Unnamed: 0,state,num_districts
0,ANAMBRA,3
1,ABIA,3
2,ADAMAWA,3
3,AKWA IBOM,3
4,BAUCHI,3
5,BAYELSA,3
6,BENUE,3
7,BORNO,3
8,CROSS RIVER,3
9,DELTA,3


That worked. The new cleaned datasets are saved as "cleaned_LGA_SEN.csv" and "cleaned_LGA_SEN.xlsx" under the same folder.

#### Task 2 - 5
I will use Python to automate the data joining, aggregration, and exporting process. First, confirm/install deps:

`pip install geopandas`

Next, I created a `join_data.py` file inside the "Assignment 1" folder. This file contains the script that preprocesses the datasets and consolidates them for use by our QGIS project.
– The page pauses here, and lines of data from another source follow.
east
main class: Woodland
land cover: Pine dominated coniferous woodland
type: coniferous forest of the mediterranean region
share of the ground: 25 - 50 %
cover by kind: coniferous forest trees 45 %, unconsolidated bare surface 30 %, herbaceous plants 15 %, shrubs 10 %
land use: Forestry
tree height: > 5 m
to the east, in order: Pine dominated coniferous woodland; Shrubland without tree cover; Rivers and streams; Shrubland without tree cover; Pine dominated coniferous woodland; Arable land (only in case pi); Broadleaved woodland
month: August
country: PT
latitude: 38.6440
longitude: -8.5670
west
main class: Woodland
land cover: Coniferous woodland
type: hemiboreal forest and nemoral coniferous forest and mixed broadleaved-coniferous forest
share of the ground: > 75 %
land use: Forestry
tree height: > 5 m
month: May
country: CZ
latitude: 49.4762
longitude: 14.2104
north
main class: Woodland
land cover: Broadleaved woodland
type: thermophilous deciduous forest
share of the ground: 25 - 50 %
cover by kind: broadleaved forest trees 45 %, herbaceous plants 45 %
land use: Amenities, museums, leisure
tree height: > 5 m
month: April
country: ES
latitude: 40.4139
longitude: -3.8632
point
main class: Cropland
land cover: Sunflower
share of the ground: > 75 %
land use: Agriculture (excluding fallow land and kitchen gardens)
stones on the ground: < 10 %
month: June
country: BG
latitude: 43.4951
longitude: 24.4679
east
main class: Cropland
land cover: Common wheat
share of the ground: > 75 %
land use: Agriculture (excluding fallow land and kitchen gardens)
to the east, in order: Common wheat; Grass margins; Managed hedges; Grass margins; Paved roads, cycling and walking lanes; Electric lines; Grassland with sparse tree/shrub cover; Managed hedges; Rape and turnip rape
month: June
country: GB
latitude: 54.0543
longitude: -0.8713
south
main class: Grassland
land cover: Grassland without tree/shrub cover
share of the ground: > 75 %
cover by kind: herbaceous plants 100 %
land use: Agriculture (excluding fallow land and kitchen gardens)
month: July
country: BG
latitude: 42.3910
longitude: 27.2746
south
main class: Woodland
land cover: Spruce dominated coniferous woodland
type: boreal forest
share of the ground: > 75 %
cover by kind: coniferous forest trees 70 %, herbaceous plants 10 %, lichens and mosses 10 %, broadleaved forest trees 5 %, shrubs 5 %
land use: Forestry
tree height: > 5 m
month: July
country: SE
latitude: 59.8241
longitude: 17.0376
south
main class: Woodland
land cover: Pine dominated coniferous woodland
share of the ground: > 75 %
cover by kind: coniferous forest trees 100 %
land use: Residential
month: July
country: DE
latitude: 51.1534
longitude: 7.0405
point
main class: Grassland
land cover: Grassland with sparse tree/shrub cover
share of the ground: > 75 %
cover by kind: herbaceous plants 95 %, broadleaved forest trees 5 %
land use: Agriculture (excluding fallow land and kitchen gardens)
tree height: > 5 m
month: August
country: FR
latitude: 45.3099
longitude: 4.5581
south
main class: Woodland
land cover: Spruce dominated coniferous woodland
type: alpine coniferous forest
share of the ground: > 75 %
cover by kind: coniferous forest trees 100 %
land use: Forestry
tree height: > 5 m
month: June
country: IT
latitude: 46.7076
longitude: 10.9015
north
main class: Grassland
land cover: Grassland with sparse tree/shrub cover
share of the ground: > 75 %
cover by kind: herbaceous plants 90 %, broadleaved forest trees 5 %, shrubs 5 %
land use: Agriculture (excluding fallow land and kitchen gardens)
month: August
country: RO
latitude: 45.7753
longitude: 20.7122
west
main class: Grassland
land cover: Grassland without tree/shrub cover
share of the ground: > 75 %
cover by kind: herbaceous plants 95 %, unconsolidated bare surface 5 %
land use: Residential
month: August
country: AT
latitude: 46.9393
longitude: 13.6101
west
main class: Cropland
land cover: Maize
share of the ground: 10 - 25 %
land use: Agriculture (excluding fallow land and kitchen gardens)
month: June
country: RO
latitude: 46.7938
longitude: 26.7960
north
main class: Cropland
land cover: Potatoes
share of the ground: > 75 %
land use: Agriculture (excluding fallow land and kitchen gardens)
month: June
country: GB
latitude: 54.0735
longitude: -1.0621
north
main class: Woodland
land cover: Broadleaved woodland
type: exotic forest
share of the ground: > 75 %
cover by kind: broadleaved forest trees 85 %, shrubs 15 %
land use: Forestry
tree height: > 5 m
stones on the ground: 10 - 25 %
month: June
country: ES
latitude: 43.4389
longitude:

The below command runs the script:

`cd "C:\Users\USER\Desktop\eHealthOrg\Assignment 1"`

`python join_data.py`

#### Task 6
---

##### Step 1: Launch QGIS

- Open **QGIS** (download it first if you don’t have it):
  - Free download: [https://qgis.org](https://qgis.org)

---

##### Step 2: Add the LGA Boundary (Map Background)

1. In QGIS, go to:
   - **Layer → Add Layer → Add Vector Layer**
2. Click **Source** → **Vector Dataset**
3. Browse to:
   ```
   C:\Users\USER\Desktop\eHealthOrg\Assignment 1\datasets\admin_bndry.shp
   ```
4. Click **Add**

 You should now see the **map of Nigeria** (LGA boundaries).

---

##### Step 3: Add the Best Facilities Layer

1. **Layer → Add Layer → Add Vector Layer**
2. Browse to:
   ```
   C:\Users\USER\Desktop\eHealthOrg\Assignment 1\processed\best_facility_per_sen.geojson
   ```
3. Click **Add**

 You’ll now see **points** (one per senatorial district) on the map.

---

##### Step 4: Style the Map

###### Style the LGA Layer (admin_bndry)
1. Click the layer in the **Layers Panel** (left)
2. Right-click → **Properties → Symbology**
3. Choose:
   - **Fill**: Light gray or pastel color
   - **Stroke (outline)**: Dark gray, 0.5 mm

###### Style the Best Facilities Layer
1. Select `best_facility_per_sen` layer
2. Right-click → **Properties → Symbology**
3. Change to:
   - **Symbol**: Circle or star
   - **Size**: 3–4 mm
   - **Color**: Red or gold
   - **Outline**: White

###### Add Labels
1. Go to **Labels** tab
2. Choose: **Show labels**
3. Value: `hf_name` (or `senatorial_district_clean`)
4. Font: Arial, size 8–10
5. Placement: Offset from point (to avoid overlap)

---

##### Step 5: Create Layout (A3 PDF)

1. Go to:
   - **Project → New Print Layout**
   - Name it: `Health Facilities Map`

2. In Layout:
   - Click **Add Map** → Draw a rectangle on the page
   - Your map will appear

3. Add:
   - **Title**: *"Top-Ranked Health Facilities by Senatorial District"*
     → Add → Add Label
   - **Legend**: Add Legend → Show only visible layers
   - **Scale Bar**: Add Scale Bar
   - **North Arrow**: Add North Arrow
   - **Data Source**: "Source: eHealthOrg Survey 2024"

4. Set Page Size:
   - **Layout → Page Properties → A3 (297 x 420 mm)**, Portrait or Landscape

5. Adjust zoom/pan in the map item if needed.

---

##### Step 6: Export as PDF

1. Click **Export as PDF**
2. Save to:
   ```
   C:\Users\USER\Desktop\eHealthOrg\Assignment 1\map_health_facilities_A3.pdf
   ```
   (Create the `output` folder if needed)

3. Click **Save**

 We now have our final map!

---

#### Task 7 - Delivered as required.